ASSIGNMENT —
Copy the listing below letter for letter, passing over each picture.

SUPPLIED MATERIAL —
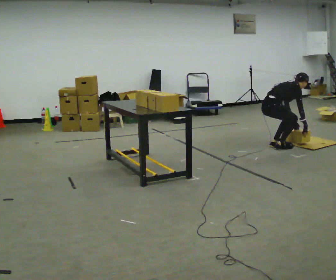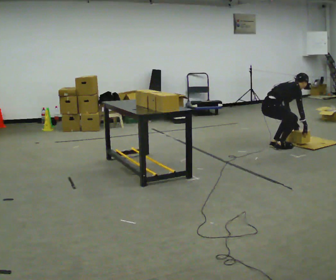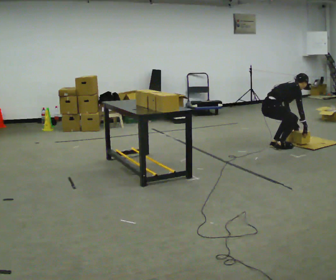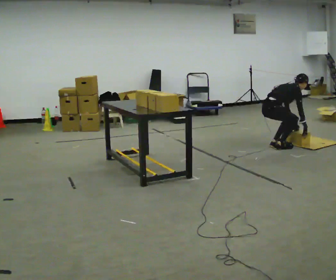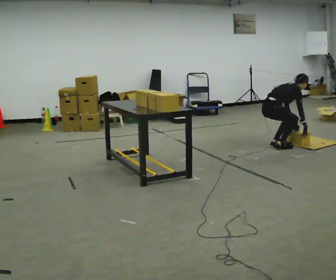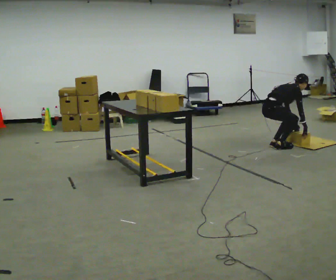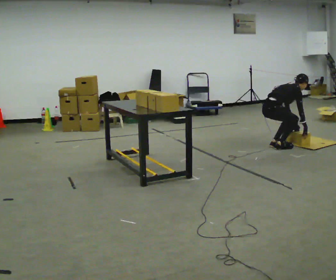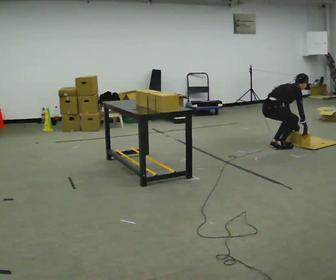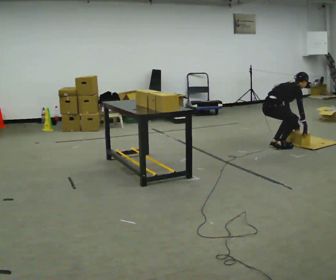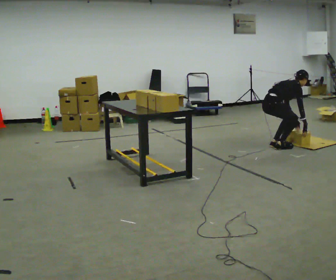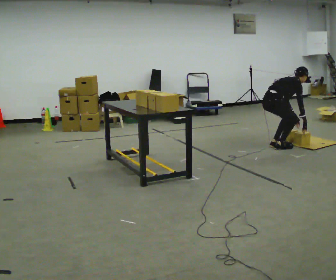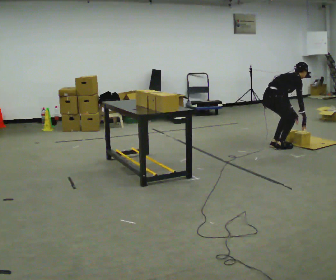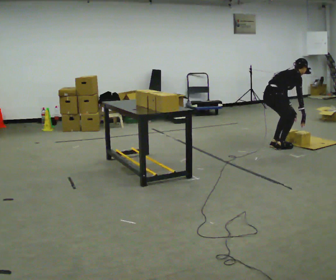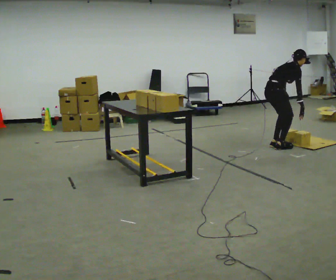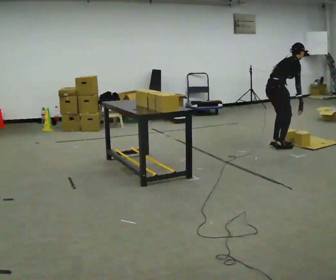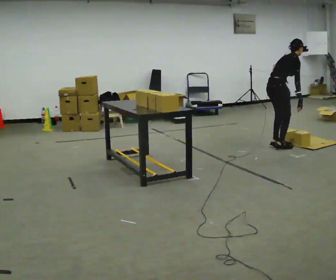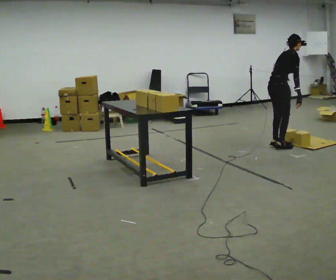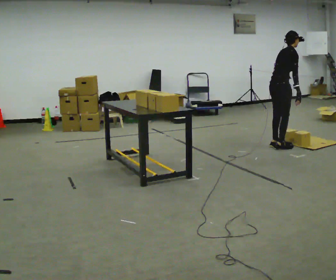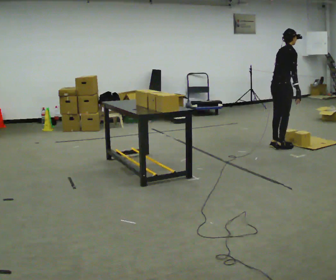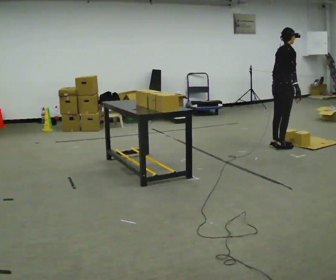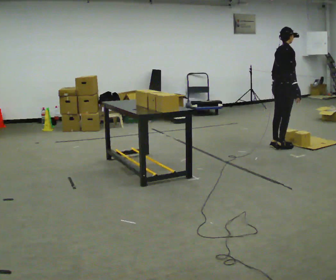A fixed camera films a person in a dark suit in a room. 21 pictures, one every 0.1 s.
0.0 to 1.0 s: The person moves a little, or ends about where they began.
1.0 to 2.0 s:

ANSWER BELOW —
A fixed camera films a person in a dark suit in a room. 21 pictures, one every 0.1 s.
0.0 to 1.0 s: The person moves a little, or ends about where they began.
1.0 to 2.0 s:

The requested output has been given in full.